_GIVEN ENTRIES_:
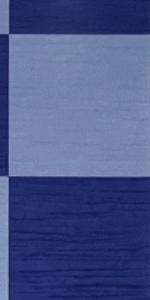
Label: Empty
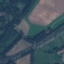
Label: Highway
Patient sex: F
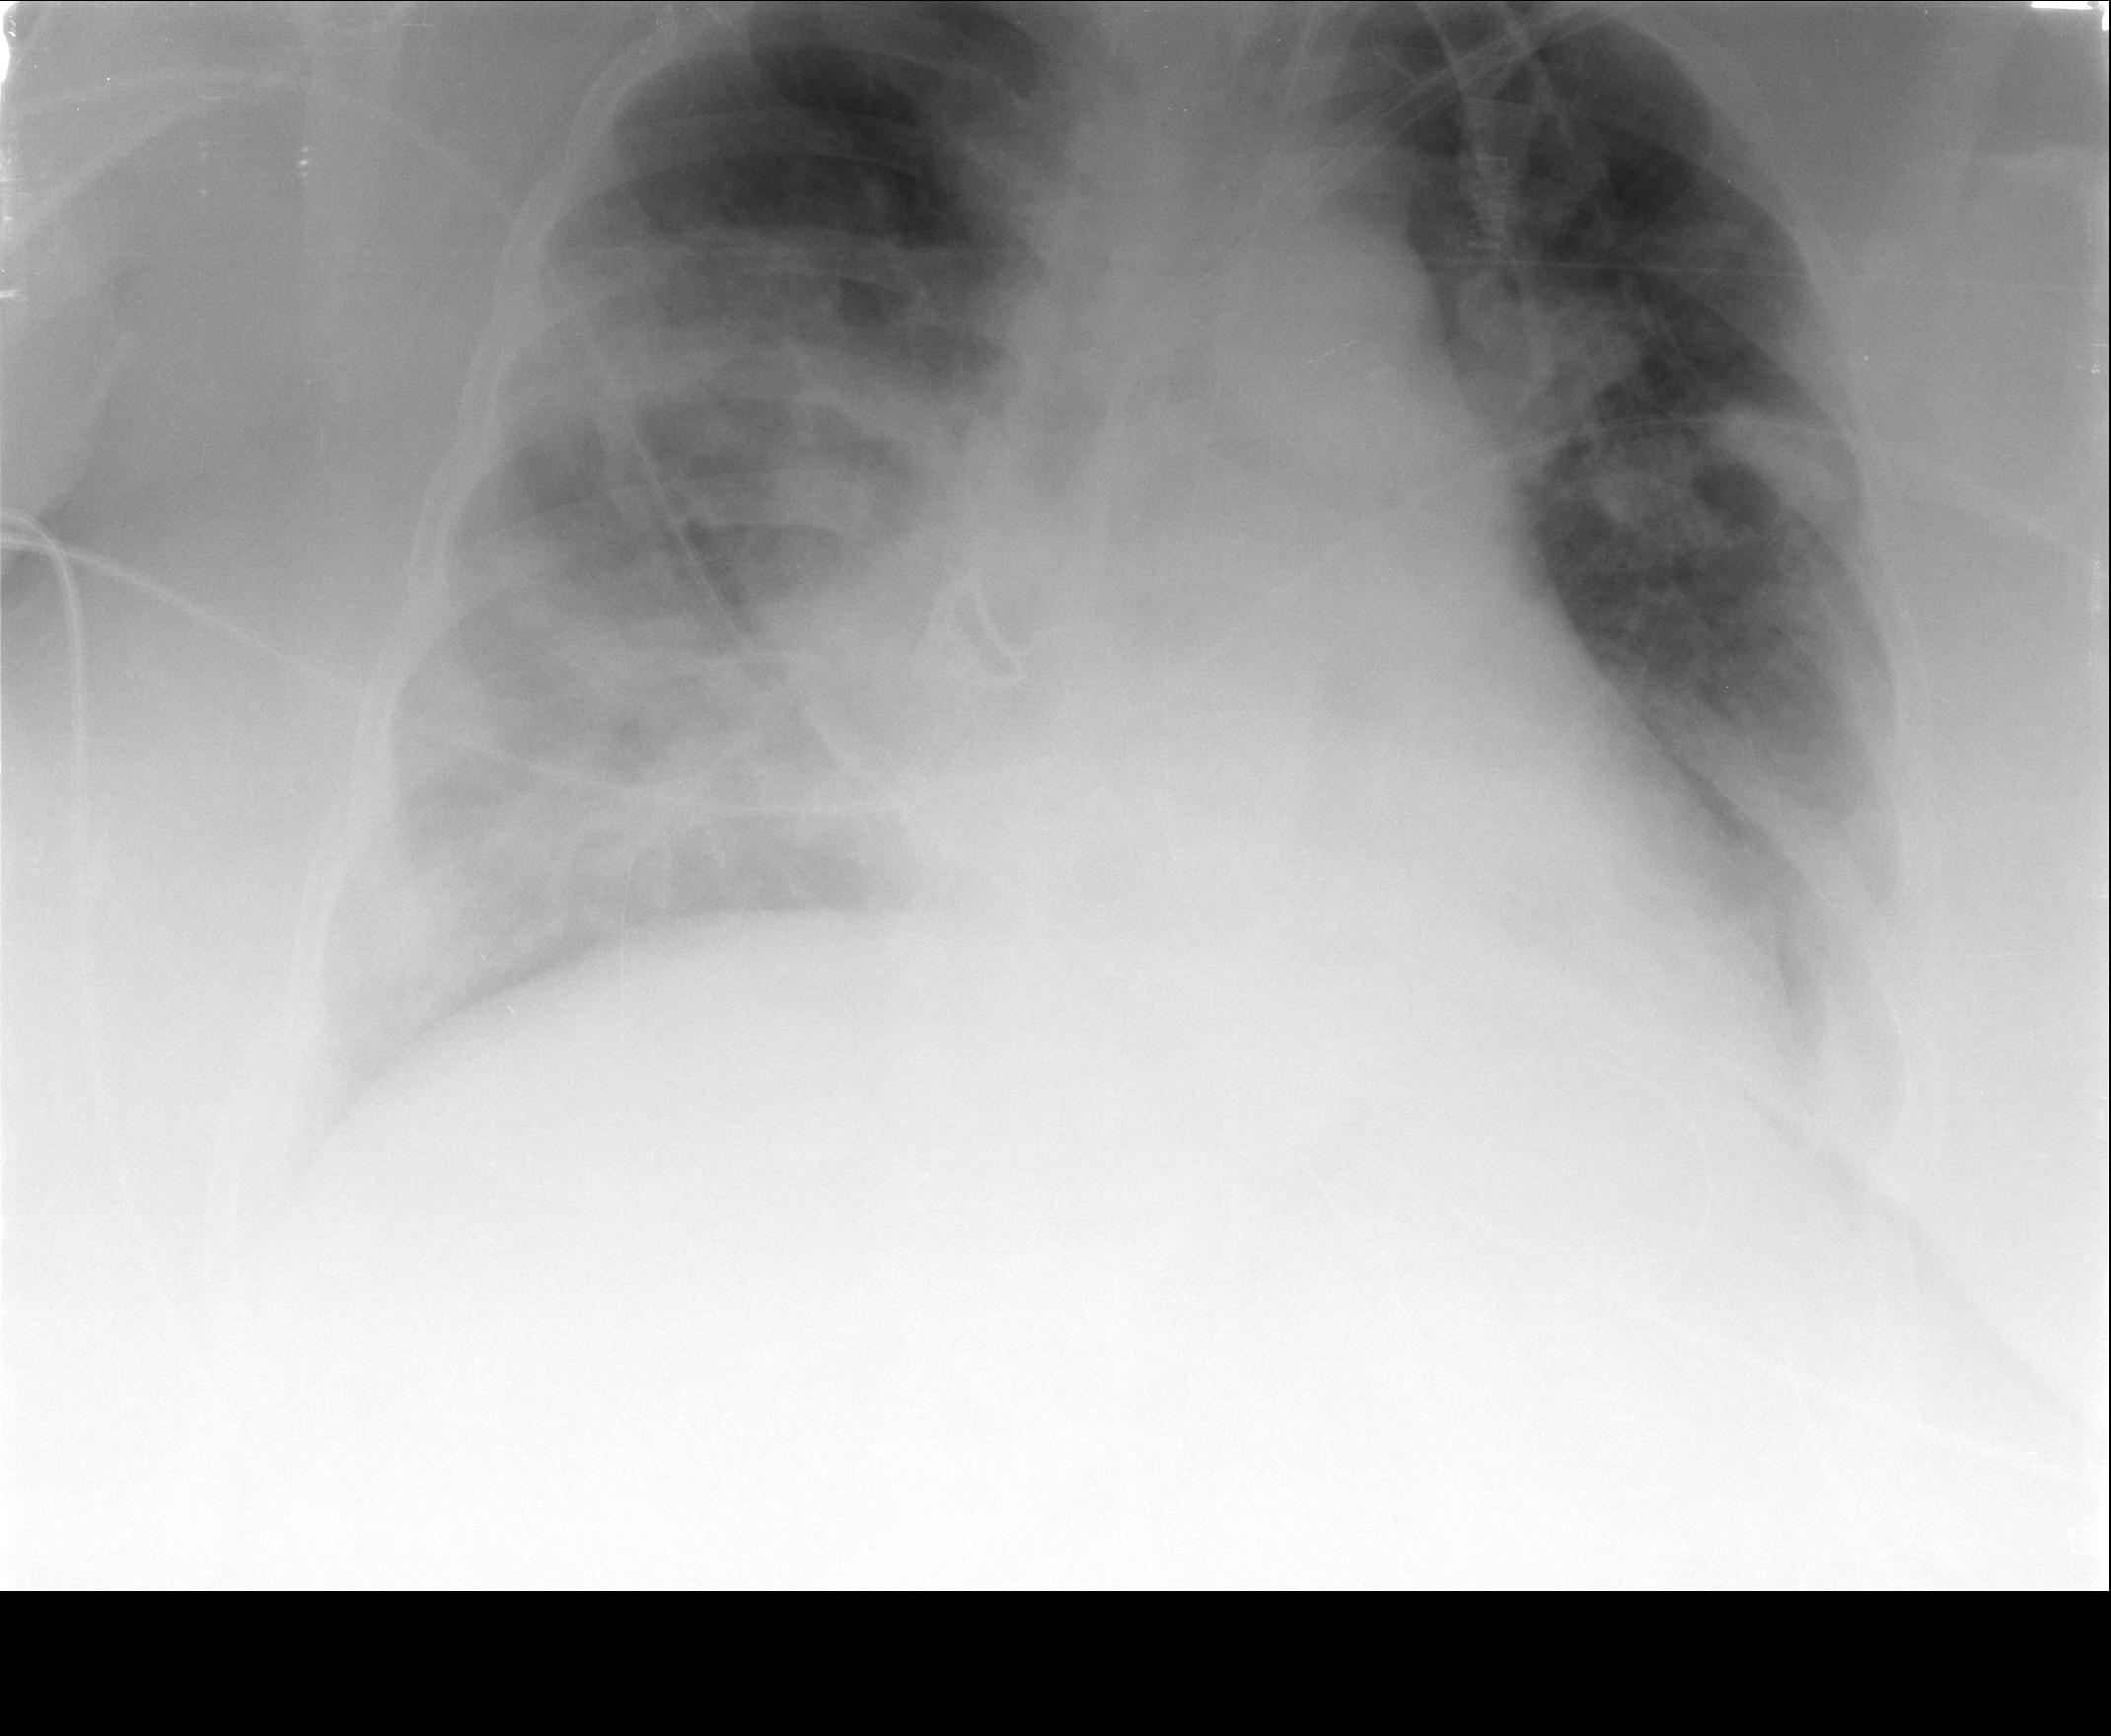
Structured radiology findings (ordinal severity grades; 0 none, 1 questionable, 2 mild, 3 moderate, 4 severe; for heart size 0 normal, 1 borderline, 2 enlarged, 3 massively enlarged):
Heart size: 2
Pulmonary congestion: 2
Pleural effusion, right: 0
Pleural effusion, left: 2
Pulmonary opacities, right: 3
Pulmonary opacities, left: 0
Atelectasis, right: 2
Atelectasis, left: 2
---
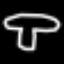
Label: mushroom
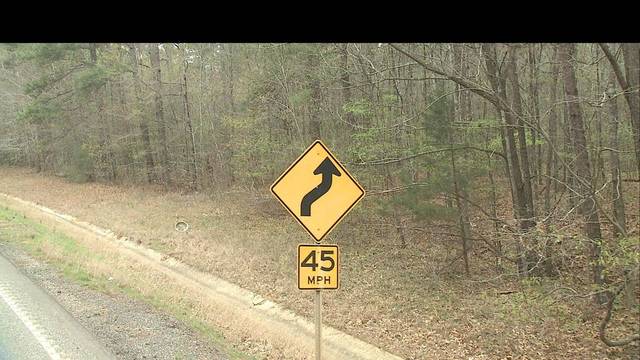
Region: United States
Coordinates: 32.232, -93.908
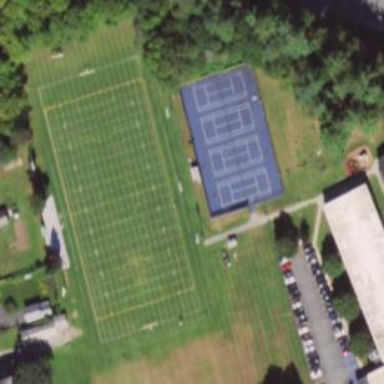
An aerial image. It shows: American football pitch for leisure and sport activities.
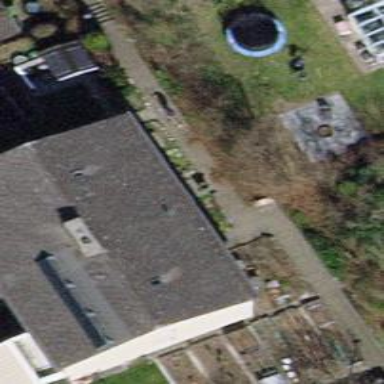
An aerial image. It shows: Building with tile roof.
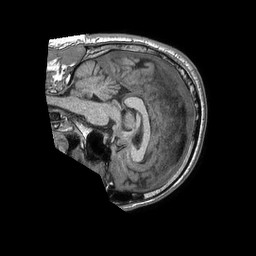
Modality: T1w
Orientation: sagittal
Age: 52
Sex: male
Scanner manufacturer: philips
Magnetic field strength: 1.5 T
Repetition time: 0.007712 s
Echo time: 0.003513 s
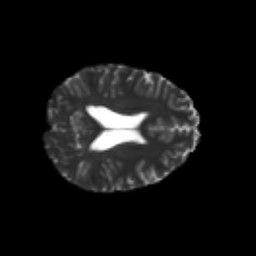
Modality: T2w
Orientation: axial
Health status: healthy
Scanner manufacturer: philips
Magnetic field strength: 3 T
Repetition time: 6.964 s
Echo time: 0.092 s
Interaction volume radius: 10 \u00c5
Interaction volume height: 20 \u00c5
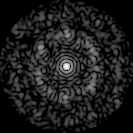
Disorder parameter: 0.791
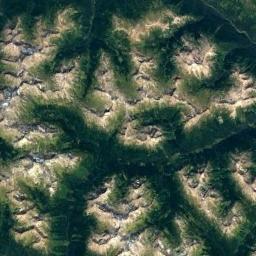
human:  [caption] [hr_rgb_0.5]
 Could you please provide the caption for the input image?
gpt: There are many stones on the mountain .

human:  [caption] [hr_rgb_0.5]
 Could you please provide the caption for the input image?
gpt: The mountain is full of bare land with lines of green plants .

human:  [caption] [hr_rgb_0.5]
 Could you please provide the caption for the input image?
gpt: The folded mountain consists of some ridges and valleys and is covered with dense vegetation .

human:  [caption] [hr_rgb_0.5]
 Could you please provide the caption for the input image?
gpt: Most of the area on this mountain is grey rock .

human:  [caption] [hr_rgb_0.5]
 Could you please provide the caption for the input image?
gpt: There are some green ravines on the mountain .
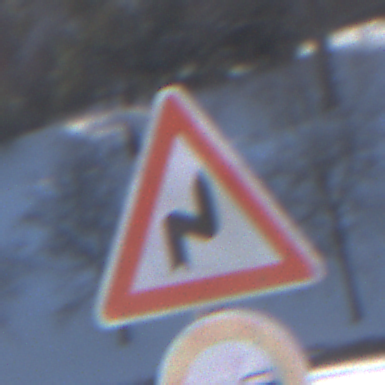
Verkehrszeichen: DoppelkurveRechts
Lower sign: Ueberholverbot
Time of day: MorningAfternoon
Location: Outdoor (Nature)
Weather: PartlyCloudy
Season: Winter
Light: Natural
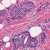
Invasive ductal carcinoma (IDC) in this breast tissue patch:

_WORK REQUIRED_: Keep to the stretch from the line containing "Magnetic field strength: 3 T" through the line containing "Invasive ductal carcinoma", both ends included, and copy it exactly from the listing above, minus the pictures.

_EXPECTED ANSWER_:
Magnetic field strength: 3 T
Repetition time: 6.964 s
Echo time: 0.092 s
Interaction volume radius: 10 \u00c5
Interaction volume height: 20 \u00c5
Disorder parameter: 0.791
human:  [caption] [hr_rgb_0.5]
 Could you please provide the caption for the input image?
gpt: There are many stones on the mountain .

human:  [caption] [hr_rgb_0.5]
 Could you please provide the caption for the input image?
gpt: The mountain is full of bare land with lines of green plants .

human:  [caption] [hr_rgb_0.5]
 Could you please provide the caption for the input image?
gpt: The folded mountain consists of some ridges and valleys and is covered with dense vegetation .

human:  [caption] [hr_rgb_0.5]
 Could you please provide the caption for the input image?
gpt: Most of the area on this mountain is grey rock .

human:  [caption] [hr_rgb_0.5]
 Could you please provide the caption for the input image?
gpt: There are some green ravines on the mountain .
Verkehrszeichen: DoppelkurveRechts
Lower sign: Ueberholverbot
Time of day: MorningAfternoon
Location: Outdoor (Nature)
Weather: PartlyCloudy
Season: Winter
Light: Natural
Invasive ductal carcinoma (IDC) in this breast tissue patch:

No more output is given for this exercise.